A striking outcome of this study is the number of genes regulated by O₂ and/or FNR that were not previously implicated in the anaerobic response. For 97 of the 206 genes of known function, we are unaware of any previous reports of O₂ levels affecting their regulation or function. We also found that 73 genes of unknown function are regulated by O₂ and/or FNR. Interestingly, the seven most highly anaerobically induced genes are unknown genes: ynfEFG (putative DMSO reductase), ydfZ (a selenium binding protein), ydhV (hypothetical protein), yhiE (hypothetical protein), and yliH (putative receptor). These results reinforce the view that while the anaerobic lifestyle of E. coli has been well studied, we still lack a complete understanding of the cellular functions that facilitate growth under O₂-limiting conditions.

While differences in the pattern of gene expression were used to cluster genes into eight major groups, the genes within each group also showed a strong functional similarity. Functions required for aerobic energy conservation, such as the TCA cycle and aerobic respiratory enzymes, belong largely to the repressed genes of group III. Most genes involved in anaerobic respiration fall into group I, which are upregulated by FNR anaerobically. The genes found in group IV are almost exclusively involved in flagellar biosynthesis, chemotaxis, and motility. The fact that genes within a group show a strong functional relationship should facilitate identifying the role of genes of unknown function within the same group. For example, the ynfEFG operon, located in group I with many well-characterized genes of anaerobic respiration, encodes the subunits of a putative DMSO reductase (54). Therefore, it is very likely that other genes of unknown function in this group are also involved in anaerobic respiration.

The data reported here also indicate that gene regulation under anaerobic conditions involves complex integration with other pathways. For example, most of the genes in group III are repressed by the O₂-sensing system mediated by ArcA (49, 70), and although not directly demonstrated, the data in this paper suggest that these genes can also be repressed by FNR. In addition, we also observed overlap between the RpoS regulon and some of the FNR-repressed genes in group II and group V; approximately one-half of the total genes in the RpoS regulon (37 genes) have altered expression patterns in our experiments, although the significance of this finding remains to be established. We also observed overlap with regulons involved in other environmental sensing responses, such as acid stress response (group V) and oxidative stress (group III). A common feature of this subset of FNR-regulated genes is that they appear to be repressed by FNR. Therefore, an emerging theme from these studies is that FNR-repressed genes are subject to a number of regulatory inputs.
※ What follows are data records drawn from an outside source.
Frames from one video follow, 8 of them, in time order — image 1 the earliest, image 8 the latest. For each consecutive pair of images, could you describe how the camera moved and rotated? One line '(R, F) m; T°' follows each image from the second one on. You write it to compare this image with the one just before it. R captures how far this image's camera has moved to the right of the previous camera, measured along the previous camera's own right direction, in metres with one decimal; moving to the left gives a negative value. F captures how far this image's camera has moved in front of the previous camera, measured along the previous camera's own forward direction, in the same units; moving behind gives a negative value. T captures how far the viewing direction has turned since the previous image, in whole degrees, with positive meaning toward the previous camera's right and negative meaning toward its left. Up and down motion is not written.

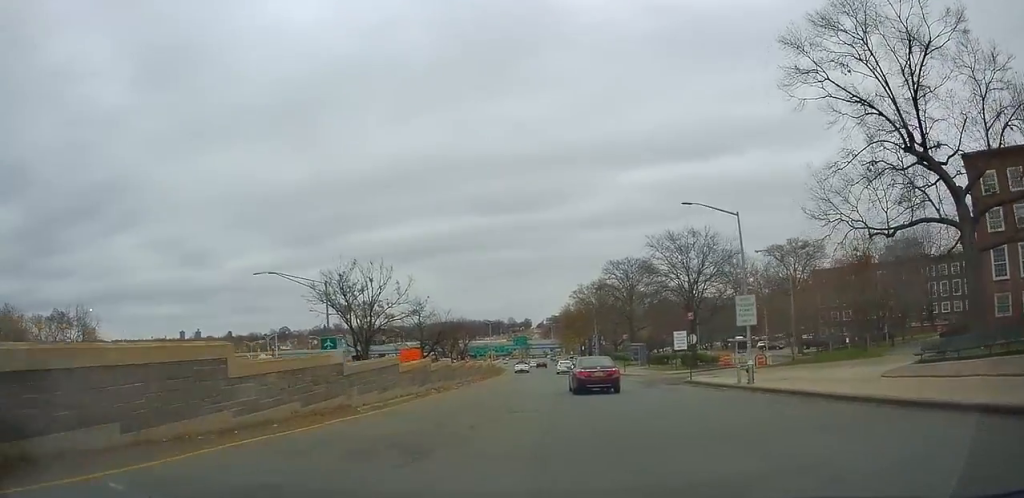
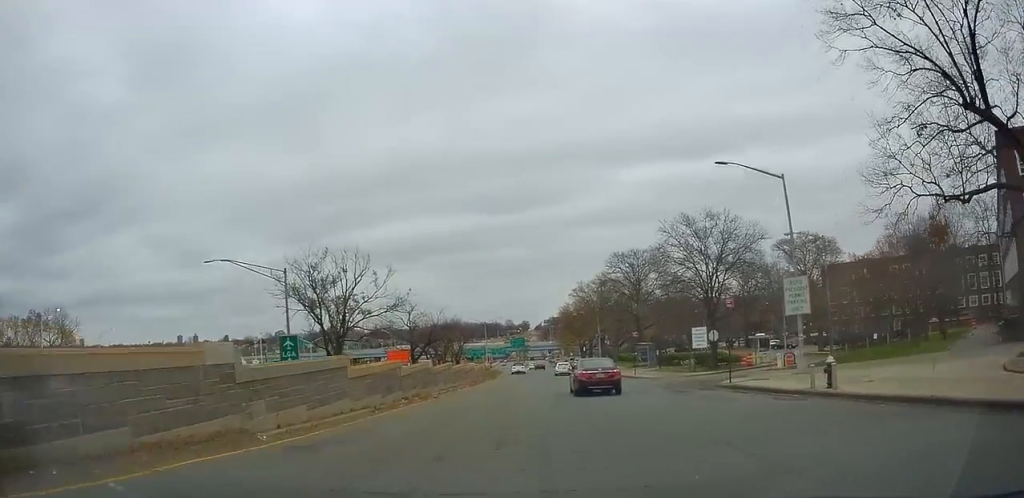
(0.0, +6.5) m; 0°
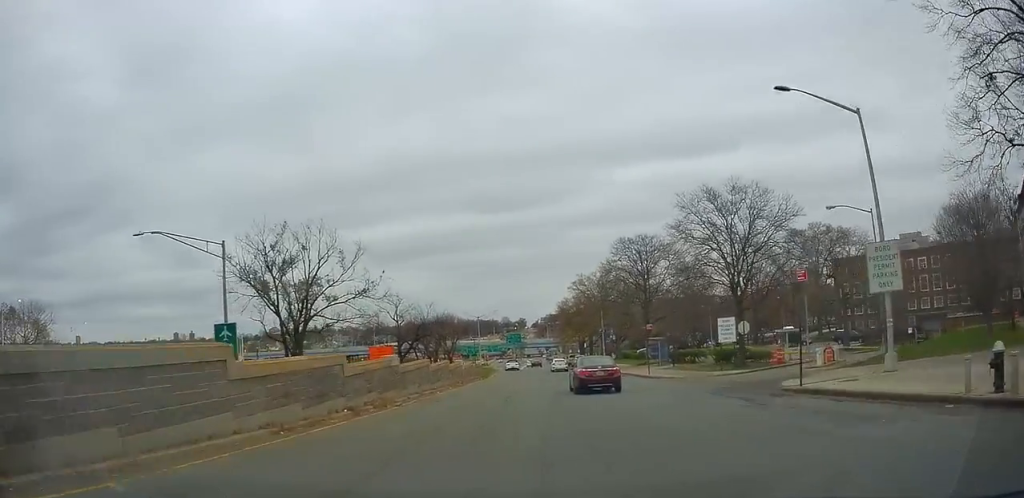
(-0.1, +7.2) m; +1°
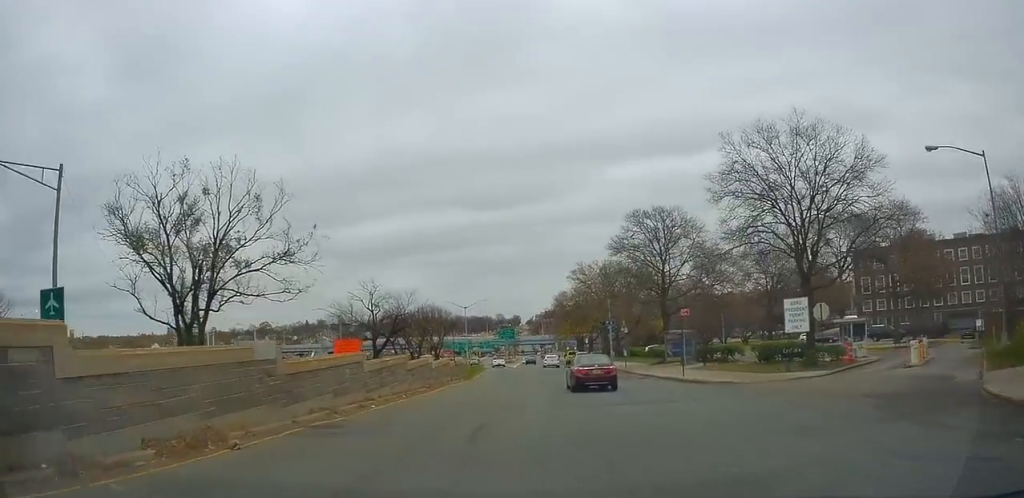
(+0.3, +11.6) m; 0°
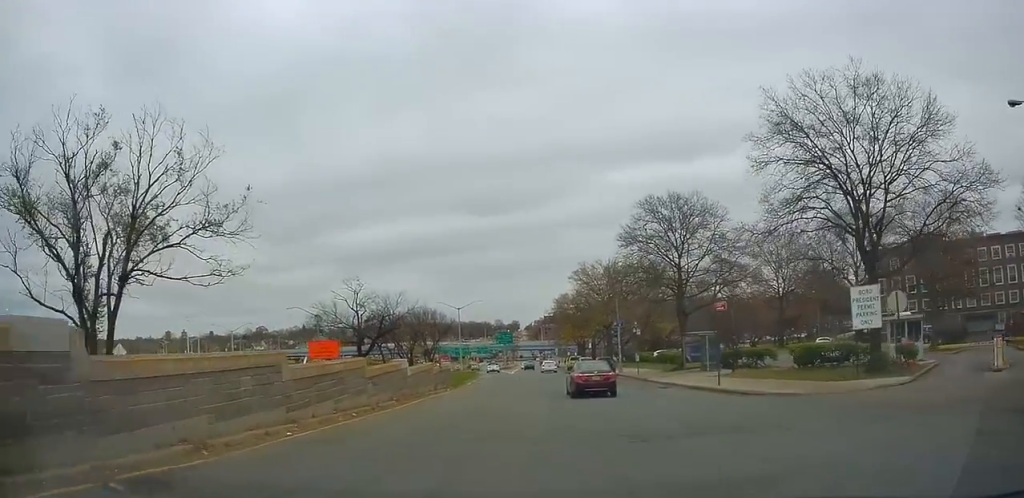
(0.0, +6.7) m; 0°
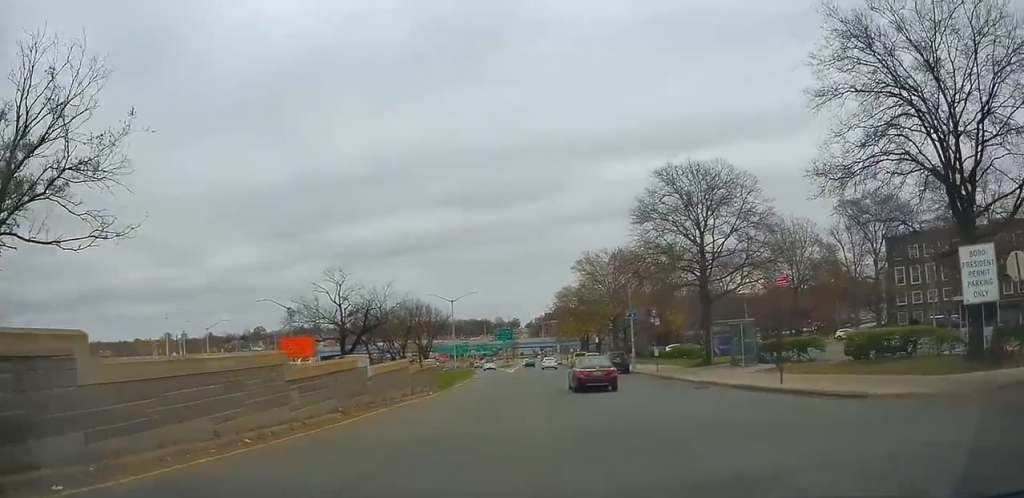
(-0.3, +7.1) m; 0°
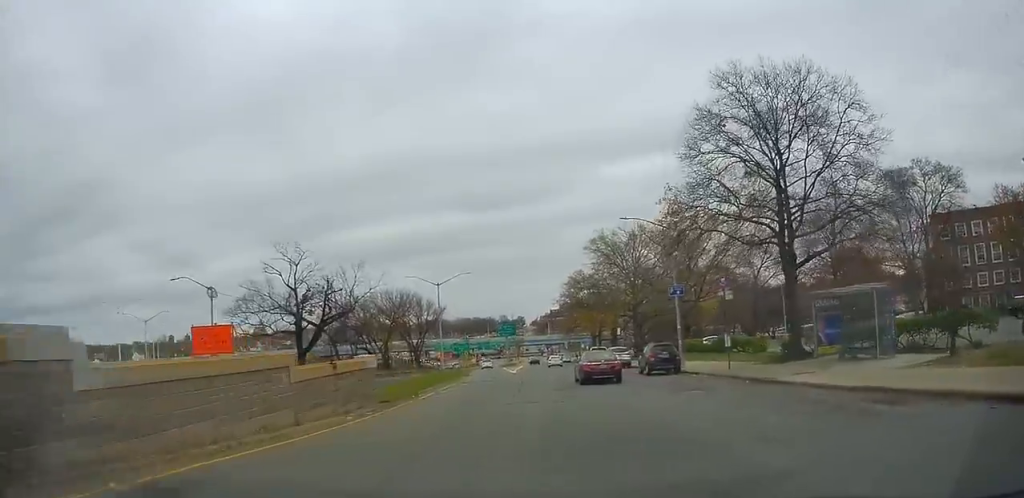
(+0.5, +14.3) m; +2°
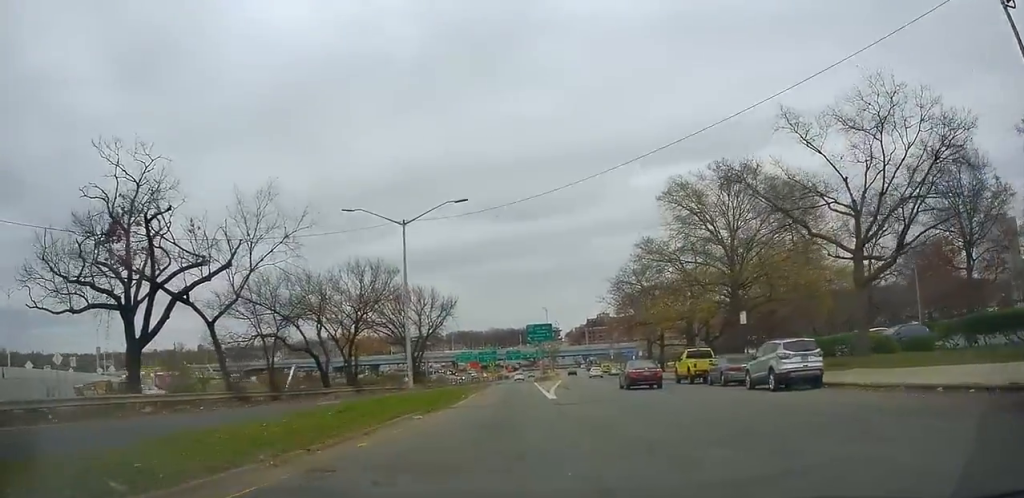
(-0.9, +26.3) m; -5°

In conclusion, these data have enhanced our understanding of gene regulation under anaerobic conditions. Our findings suggest that as many as 465 genes of MG1655 are regulated by changes in environmental O₂ and/or FNR. As shown in Fig. 1, a major consequence of these changes in gene expression is a reprogramming of energy metabolism to utilize alternative mechanisms of energy conservation in the absence of O₂. Further characterization of these genes will allow us to gain even greater insight not only into the FNR regulon but also other functions required for adaptation to O₂-limited environments.